**DESCRIPTION OF THE TASK**
Among the lines below, take the one holding "country: ES", the one holding "longitude: -8.1463", and all lines between them. Set them down exactly.
MATERIAL PROVIDED section start
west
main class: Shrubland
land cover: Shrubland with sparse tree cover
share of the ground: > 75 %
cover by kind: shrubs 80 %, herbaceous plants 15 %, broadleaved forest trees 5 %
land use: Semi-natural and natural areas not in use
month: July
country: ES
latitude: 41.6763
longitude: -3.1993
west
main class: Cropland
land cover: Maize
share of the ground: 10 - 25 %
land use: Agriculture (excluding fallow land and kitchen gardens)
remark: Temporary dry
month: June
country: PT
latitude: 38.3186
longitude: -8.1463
MATERIAL PROVIDED section end
MATERIAL PROVIDED section start
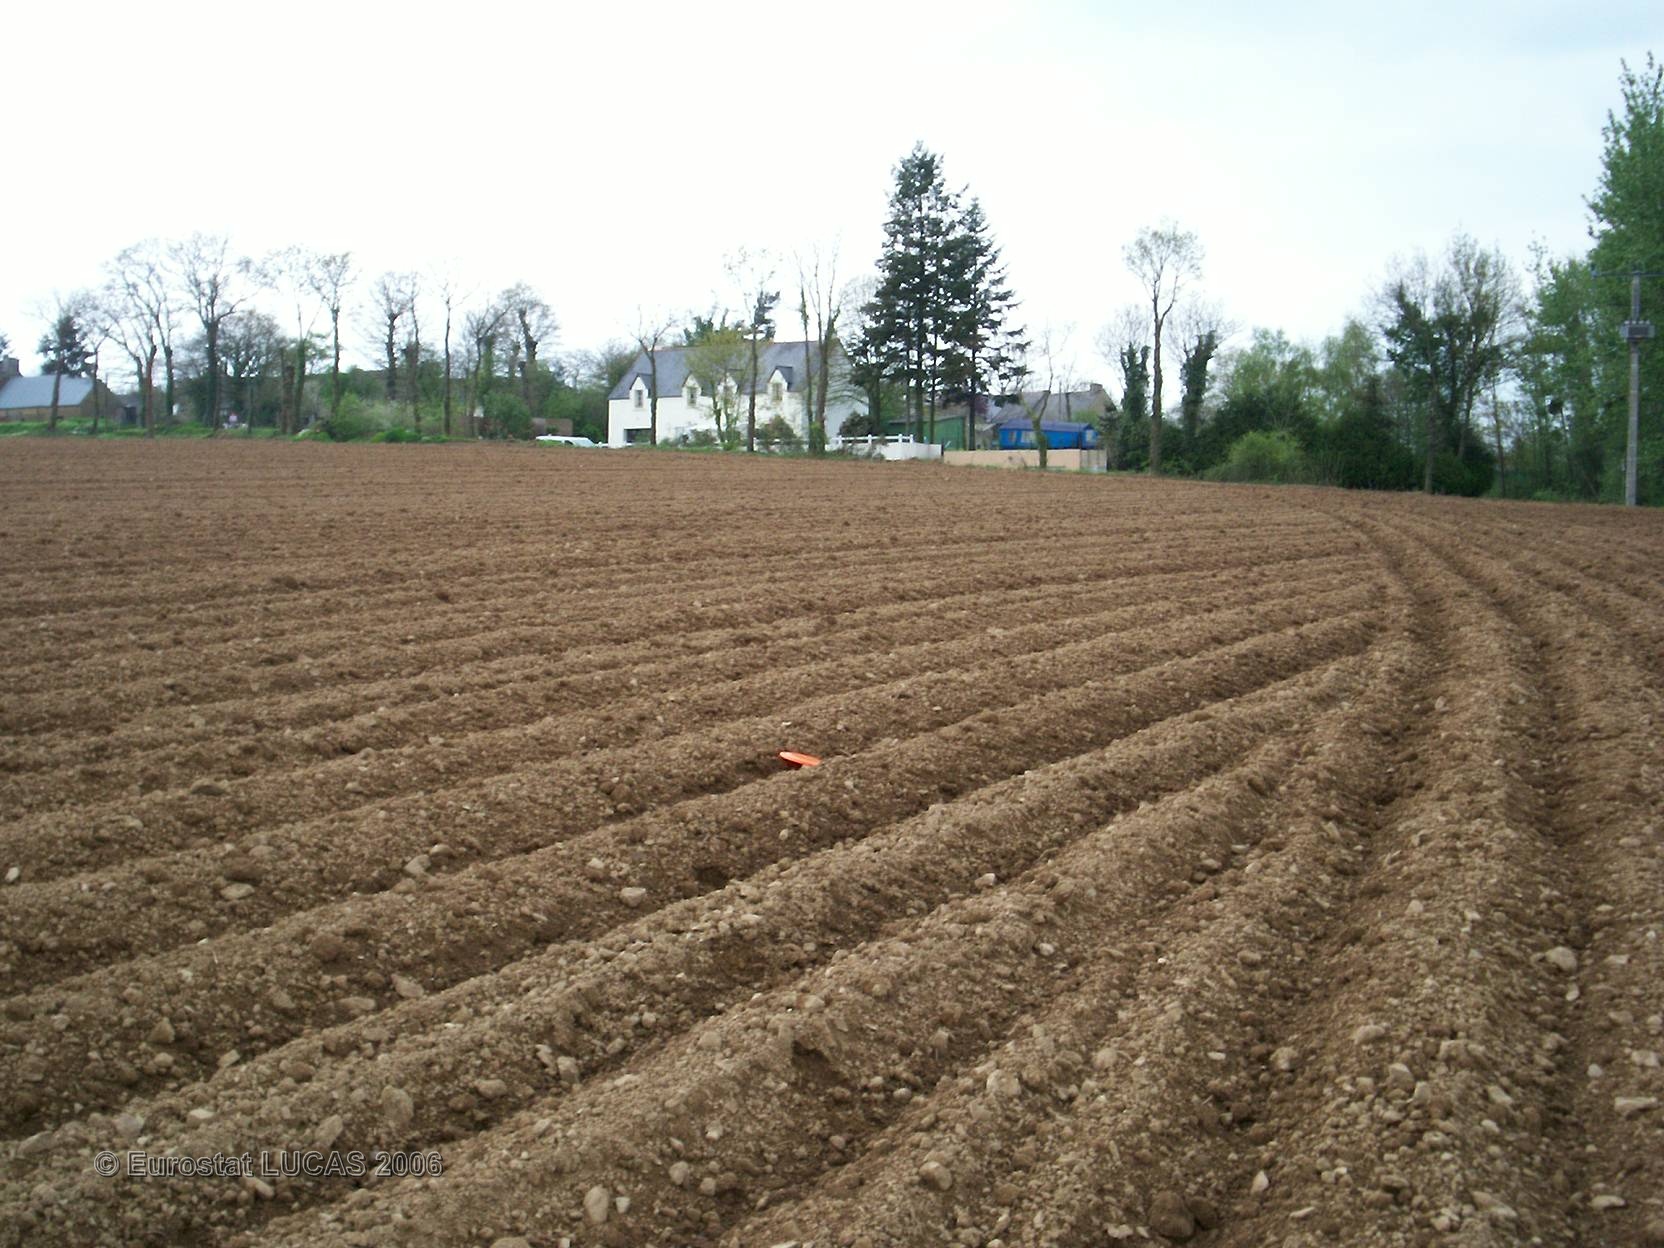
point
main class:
MATERIAL PROVIDED section end
**RESULT**
country: ES
latitude: 41.6763
longitude: -3.1993
west
main class: Cropland
land cover: Maize
share of the ground: 10 - 25 %
land use: Agriculture (excluding fallow land and kitchen gardens)
remark: Temporary dry
month: June
country: PT
latitude: 38.3186
longitude: -8.1463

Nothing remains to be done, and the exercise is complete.